The hypothesis formulated for the analysis of this study and from which
to draw relevant conclusion are 1.) Ho:
Current account balance has no effect on budget deficit in Nigeria

This study is relevant since that it will inform the policy makers in Nigeria
the nature of the relationship between government budget deficit and
economic growth where in no small measure will aid in appropriate fiscal
policy measure.
The research work will provide insight to the policy makers in making
policies that is related to budget deficit and current account balance in the
entire economy.`
Further more it will contribute immensely in developing the the analysis of
budget deficit on macroeconomic variables and serve as useful platform
tool in policy making.
The study will be useful to future researchers who might be working on the
topic or other related topics.

1.6 SCOPE/LIMITATION OF THE STUDY This research work
will cover the period of 1987 to 2010 following the limited scope of this
research work, data will be sourced from secondary data.

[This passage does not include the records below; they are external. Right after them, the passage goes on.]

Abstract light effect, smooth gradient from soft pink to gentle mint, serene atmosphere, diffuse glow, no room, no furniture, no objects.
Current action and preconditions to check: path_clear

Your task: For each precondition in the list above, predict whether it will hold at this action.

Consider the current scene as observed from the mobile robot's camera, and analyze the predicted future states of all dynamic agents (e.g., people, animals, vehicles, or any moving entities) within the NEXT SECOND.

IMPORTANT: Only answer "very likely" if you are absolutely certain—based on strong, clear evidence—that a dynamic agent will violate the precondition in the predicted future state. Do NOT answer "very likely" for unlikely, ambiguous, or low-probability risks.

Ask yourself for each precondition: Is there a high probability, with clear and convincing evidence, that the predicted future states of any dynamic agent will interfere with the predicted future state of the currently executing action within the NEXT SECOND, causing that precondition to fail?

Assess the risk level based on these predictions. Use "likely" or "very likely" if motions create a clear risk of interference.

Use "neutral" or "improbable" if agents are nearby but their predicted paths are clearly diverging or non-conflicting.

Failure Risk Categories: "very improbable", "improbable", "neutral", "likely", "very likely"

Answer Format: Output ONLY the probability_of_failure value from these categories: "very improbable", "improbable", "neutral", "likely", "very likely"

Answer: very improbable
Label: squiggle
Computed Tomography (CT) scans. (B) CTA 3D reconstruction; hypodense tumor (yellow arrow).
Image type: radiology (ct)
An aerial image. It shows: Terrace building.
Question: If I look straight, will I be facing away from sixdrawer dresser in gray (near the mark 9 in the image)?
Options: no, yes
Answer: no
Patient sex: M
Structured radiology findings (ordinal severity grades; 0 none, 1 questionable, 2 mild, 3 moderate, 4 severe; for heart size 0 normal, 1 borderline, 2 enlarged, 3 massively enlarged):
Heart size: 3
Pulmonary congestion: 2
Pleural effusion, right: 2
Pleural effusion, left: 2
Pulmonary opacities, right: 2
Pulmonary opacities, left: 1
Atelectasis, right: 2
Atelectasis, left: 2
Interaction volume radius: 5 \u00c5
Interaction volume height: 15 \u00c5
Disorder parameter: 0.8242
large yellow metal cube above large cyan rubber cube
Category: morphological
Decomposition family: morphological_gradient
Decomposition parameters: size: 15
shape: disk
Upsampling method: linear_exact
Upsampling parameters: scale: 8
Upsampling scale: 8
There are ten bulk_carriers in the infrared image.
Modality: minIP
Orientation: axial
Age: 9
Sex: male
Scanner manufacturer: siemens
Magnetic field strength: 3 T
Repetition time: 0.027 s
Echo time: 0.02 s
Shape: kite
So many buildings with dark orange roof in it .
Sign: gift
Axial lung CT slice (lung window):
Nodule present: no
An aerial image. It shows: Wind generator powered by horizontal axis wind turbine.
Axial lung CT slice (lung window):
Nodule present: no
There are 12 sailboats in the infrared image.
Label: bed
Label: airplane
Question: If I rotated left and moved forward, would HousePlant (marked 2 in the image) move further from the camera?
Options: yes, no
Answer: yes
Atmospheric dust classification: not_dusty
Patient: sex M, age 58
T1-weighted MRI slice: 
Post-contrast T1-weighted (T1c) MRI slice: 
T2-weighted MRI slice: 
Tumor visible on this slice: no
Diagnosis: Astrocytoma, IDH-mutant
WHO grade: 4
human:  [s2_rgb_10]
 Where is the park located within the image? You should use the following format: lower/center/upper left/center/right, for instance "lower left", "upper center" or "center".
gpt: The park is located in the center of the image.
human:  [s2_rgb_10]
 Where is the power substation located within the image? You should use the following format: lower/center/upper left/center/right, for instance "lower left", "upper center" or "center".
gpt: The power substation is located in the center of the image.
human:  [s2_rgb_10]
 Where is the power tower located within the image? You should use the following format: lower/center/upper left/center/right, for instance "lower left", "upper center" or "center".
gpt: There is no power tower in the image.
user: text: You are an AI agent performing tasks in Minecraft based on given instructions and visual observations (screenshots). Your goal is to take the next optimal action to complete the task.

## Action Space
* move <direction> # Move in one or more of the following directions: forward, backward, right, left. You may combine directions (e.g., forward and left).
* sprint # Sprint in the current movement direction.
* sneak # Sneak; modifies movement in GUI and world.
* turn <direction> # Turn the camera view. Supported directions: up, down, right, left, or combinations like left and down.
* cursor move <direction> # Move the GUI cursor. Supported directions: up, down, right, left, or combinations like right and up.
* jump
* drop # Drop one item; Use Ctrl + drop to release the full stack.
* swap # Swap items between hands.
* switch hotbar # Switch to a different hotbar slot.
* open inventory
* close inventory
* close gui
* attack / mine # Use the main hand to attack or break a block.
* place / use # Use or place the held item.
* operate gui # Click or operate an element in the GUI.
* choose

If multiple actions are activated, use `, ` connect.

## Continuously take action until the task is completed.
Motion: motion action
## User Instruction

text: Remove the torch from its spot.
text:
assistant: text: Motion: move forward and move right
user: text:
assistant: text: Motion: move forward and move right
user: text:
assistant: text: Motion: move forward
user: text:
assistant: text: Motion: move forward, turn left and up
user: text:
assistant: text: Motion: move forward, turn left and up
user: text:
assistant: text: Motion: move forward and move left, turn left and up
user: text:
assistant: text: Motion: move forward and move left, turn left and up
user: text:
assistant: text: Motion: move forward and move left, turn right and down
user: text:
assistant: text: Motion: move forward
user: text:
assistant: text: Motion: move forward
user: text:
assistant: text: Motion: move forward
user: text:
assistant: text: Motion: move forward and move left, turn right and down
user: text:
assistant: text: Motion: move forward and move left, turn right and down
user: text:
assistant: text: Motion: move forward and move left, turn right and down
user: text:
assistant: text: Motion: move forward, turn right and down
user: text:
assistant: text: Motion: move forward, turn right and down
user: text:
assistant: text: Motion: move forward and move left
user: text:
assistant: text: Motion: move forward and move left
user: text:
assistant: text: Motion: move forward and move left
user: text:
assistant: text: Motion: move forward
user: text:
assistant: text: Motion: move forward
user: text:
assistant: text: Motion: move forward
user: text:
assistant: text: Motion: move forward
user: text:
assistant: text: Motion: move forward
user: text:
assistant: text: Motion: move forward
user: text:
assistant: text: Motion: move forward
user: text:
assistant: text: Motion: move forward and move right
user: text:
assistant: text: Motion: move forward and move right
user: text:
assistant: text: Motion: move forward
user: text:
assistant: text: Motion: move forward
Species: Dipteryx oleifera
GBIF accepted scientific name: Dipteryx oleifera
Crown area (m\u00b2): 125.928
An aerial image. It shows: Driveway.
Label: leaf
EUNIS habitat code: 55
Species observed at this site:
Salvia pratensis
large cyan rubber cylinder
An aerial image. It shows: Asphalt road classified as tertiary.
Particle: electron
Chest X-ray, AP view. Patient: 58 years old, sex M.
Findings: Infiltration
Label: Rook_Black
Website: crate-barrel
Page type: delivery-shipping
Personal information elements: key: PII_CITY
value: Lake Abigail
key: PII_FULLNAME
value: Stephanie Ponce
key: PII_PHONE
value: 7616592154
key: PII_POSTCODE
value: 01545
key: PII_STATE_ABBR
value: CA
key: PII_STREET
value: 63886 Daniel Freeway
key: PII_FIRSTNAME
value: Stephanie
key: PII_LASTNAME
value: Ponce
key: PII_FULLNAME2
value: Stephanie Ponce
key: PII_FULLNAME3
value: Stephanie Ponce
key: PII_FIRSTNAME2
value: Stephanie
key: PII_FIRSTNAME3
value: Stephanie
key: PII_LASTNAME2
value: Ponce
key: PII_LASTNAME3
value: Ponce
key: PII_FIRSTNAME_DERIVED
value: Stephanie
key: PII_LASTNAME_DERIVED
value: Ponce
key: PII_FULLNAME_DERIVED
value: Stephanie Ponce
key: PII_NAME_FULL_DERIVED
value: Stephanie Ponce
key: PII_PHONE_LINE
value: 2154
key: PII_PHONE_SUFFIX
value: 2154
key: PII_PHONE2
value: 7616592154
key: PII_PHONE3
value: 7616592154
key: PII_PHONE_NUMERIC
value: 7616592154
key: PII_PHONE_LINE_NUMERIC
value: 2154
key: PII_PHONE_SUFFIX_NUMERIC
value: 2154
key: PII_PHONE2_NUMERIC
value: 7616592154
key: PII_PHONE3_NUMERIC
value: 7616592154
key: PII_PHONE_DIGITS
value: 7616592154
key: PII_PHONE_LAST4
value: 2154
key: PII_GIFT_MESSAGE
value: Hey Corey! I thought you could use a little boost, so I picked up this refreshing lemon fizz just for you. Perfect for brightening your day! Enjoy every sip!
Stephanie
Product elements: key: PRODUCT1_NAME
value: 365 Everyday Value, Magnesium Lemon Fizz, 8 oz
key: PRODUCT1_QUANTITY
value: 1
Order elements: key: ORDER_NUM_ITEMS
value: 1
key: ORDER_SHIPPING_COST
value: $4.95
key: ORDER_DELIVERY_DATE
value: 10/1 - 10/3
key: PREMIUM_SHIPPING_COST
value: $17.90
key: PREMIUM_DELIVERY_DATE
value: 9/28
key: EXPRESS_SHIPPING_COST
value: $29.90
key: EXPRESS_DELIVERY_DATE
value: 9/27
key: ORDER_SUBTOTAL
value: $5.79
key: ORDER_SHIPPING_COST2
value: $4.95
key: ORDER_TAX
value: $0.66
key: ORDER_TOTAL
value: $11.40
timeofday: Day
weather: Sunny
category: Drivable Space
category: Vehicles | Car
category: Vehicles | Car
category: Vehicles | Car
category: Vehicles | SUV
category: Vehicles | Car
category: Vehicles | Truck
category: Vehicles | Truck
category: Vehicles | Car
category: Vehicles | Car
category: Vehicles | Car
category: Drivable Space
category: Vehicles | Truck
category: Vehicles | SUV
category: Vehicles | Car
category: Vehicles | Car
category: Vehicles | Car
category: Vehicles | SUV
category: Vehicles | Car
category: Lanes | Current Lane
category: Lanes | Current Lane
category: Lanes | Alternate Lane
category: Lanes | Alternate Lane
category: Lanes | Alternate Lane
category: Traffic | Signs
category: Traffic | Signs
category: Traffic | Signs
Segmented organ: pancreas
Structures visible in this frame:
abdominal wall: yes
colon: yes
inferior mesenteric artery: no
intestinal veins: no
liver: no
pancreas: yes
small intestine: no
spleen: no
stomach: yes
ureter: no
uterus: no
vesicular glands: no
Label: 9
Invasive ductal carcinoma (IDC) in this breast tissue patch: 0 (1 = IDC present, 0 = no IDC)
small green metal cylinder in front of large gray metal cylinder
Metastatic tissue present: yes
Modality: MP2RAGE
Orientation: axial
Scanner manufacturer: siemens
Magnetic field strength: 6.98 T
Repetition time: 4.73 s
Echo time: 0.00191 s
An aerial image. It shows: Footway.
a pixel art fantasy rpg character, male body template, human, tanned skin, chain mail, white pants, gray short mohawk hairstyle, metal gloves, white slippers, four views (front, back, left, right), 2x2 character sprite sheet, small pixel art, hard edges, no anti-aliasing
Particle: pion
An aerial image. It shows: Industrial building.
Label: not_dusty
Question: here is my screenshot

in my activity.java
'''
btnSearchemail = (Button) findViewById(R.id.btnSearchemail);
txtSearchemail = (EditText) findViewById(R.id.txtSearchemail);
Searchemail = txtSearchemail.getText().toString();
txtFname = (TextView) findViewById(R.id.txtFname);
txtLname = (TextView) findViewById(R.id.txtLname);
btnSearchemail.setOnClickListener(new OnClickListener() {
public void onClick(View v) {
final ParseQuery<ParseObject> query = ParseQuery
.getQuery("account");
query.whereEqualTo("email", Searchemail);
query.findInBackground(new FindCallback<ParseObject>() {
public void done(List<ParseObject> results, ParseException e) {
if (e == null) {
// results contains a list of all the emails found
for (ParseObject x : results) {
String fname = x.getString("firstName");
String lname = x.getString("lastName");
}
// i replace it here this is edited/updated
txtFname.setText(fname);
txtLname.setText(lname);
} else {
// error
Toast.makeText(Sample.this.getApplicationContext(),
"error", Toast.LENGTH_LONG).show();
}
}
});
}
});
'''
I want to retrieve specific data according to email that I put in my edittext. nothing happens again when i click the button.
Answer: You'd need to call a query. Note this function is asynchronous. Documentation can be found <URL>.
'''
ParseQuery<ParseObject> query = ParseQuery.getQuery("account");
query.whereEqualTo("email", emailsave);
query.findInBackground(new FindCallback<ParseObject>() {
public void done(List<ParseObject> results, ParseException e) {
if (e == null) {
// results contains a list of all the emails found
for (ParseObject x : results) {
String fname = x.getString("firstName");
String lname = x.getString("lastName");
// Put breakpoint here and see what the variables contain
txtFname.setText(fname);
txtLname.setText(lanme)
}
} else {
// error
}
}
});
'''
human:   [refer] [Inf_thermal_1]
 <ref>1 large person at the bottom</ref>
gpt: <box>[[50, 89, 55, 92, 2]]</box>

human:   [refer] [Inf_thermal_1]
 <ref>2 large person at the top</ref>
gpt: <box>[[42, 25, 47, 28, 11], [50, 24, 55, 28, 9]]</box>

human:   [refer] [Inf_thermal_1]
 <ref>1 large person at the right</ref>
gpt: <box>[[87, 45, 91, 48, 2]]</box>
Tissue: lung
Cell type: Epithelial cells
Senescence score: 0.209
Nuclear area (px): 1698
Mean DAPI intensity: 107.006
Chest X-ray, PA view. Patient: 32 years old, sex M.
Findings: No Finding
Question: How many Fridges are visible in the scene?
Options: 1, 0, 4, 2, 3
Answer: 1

The limited scope of this research work is necessitated by the changes
posed by the problem of limited time frame stipulated for this research
work, shortage of fund and high cost involvement in sourcing data on some
of the variables required as a result of problem of limited statistical
materials. Effort will be made to find out the relationship of budget deficit
and current account balance within this period.
Despite all this impediments, this research work will be relevant in
serving the purpose of which is intended.